**Task to complete:**
Check each line of the material for the string "class", and copy the lines that have it.

**Data provided:**
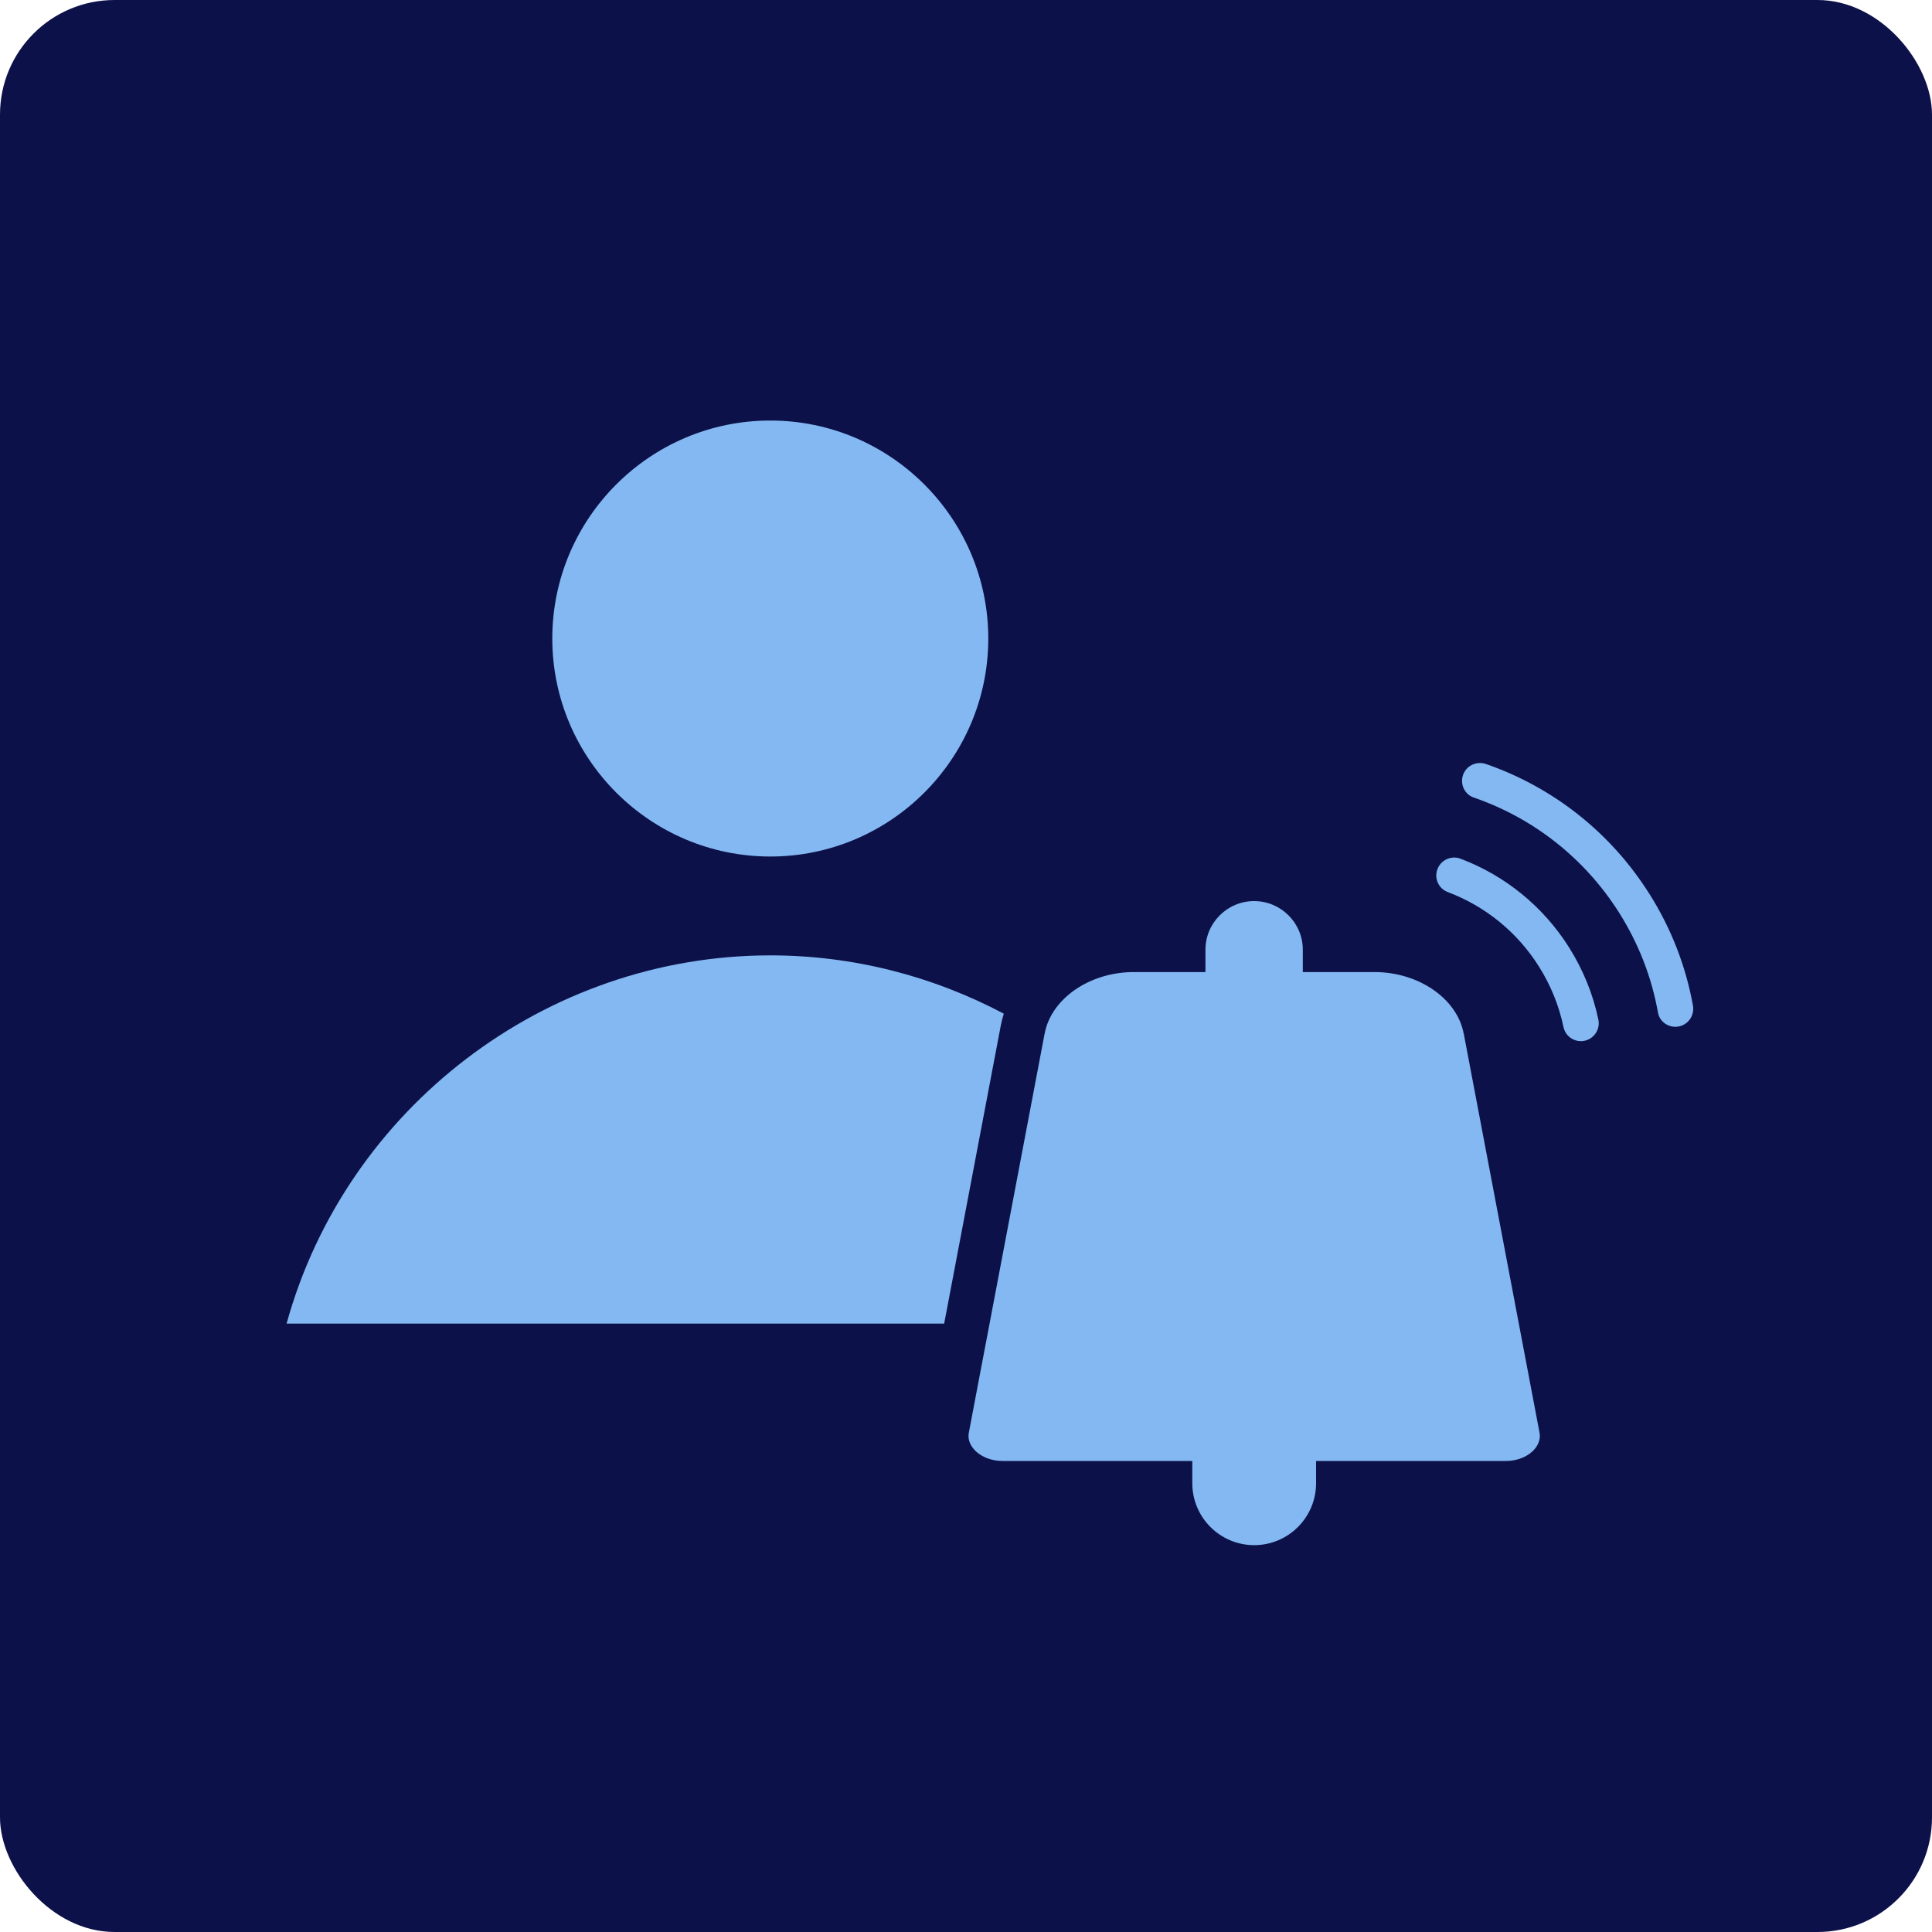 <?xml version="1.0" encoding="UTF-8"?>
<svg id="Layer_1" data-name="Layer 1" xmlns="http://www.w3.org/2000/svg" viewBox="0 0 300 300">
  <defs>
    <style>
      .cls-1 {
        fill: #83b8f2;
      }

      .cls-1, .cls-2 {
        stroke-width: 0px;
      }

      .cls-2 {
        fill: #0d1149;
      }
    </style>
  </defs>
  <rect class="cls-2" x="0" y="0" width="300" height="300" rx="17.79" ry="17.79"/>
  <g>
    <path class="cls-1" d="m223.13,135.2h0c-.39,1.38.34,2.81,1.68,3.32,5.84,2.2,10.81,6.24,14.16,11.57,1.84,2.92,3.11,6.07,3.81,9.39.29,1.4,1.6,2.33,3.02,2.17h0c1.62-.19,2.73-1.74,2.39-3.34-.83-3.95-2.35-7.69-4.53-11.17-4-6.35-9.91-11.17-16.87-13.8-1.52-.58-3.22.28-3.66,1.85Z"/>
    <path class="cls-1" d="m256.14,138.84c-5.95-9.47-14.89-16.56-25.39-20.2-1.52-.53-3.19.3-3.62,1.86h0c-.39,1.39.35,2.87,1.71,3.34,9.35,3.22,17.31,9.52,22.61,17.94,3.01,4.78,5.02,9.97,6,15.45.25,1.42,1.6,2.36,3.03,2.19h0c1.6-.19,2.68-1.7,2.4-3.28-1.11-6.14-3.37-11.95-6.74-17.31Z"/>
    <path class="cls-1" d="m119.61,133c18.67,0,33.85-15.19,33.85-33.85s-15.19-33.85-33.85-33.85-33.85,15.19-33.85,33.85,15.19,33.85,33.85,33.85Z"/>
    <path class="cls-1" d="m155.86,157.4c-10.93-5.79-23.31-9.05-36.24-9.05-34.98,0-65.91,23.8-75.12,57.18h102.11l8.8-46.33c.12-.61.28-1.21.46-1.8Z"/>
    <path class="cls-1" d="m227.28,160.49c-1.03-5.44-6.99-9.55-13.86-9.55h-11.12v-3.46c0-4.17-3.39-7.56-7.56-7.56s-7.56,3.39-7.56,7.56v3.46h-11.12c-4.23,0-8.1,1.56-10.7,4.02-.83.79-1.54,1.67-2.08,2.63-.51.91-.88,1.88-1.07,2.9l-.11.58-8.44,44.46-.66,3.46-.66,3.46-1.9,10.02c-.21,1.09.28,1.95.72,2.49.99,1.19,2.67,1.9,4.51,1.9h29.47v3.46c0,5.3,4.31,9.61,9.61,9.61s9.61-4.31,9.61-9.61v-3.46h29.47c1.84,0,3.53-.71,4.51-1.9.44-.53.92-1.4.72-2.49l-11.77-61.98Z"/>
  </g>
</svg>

**Written response:**
  <rect class="cls-2" x="0" y="0" width="300" height="300" rx="17.79" ry="17.79"/>
    <path class="cls-1" d="m223.13,135.2h0c-.39,1.38.34,2.81,1.68,3.32,5.84,2.2,10.81,6.24,14.16,11.57,1.84,2.92,3.11,6.07,3.81,9.39.29,1.4,1.6,2.33,3.02,2.17h0c1.62-.19,2.73-1.74,2.39-3.34-.83-3.95-2.35-7.69-4.53-11.17-4-6.35-9.91-11.17-16.87-13.8-1.52-.58-3.22.28-3.66,1.85Z"/>
    <path class="cls-1" d="m256.14,138.84c-5.95-9.47-14.89-16.56-25.39-20.2-1.52-.53-3.19.3-3.62,1.86h0c-.39,1.39.35,2.87,1.71,3.34,9.35,3.22,17.31,9.52,22.61,17.94,3.01,4.78,5.02,9.97,6,15.45.25,1.42,1.6,2.36,3.03,2.19h0c1.6-.19,2.68-1.7,2.4-3.28-1.11-6.14-3.37-11.95-6.74-17.31Z"/>
    <path class="cls-1" d="m119.61,133c18.67,0,33.85-15.19,33.85-33.85s-15.19-33.85-33.85-33.85-33.85,15.19-33.85,33.85,15.19,33.85,33.85,33.85Z"/>
    <path class="cls-1" d="m155.86,157.4c-10.93-5.79-23.31-9.05-36.24-9.05-34.98,0-65.91,23.8-75.12,57.18h102.11l8.8-46.33c.12-.61.28-1.21.46-1.8Z"/>
    <path class="cls-1" d="m227.28,160.49c-1.03-5.44-6.99-9.55-13.86-9.55h-11.12v-3.46c0-4.17-3.39-7.56-7.56-7.56s-7.56,3.39-7.56,7.56v3.46h-11.12c-4.23,0-8.1,1.56-10.7,4.02-.83.79-1.54,1.67-2.08,2.63-.51.91-.88,1.88-1.07,2.9l-.11.58-8.44,44.46-.66,3.46-.66,3.46-1.9,10.02c-.21,1.09.28,1.95.72,2.49.99,1.19,2.67,1.9,4.51,1.9h29.47v3.46c0,5.3,4.31,9.61,9.61,9.61s9.61-4.31,9.61-9.61v-3.46h29.47c1.84,0,3.53-.71,4.51-1.9.44-.53.92-1.4.72-2.49l-11.77-61.98Z"/>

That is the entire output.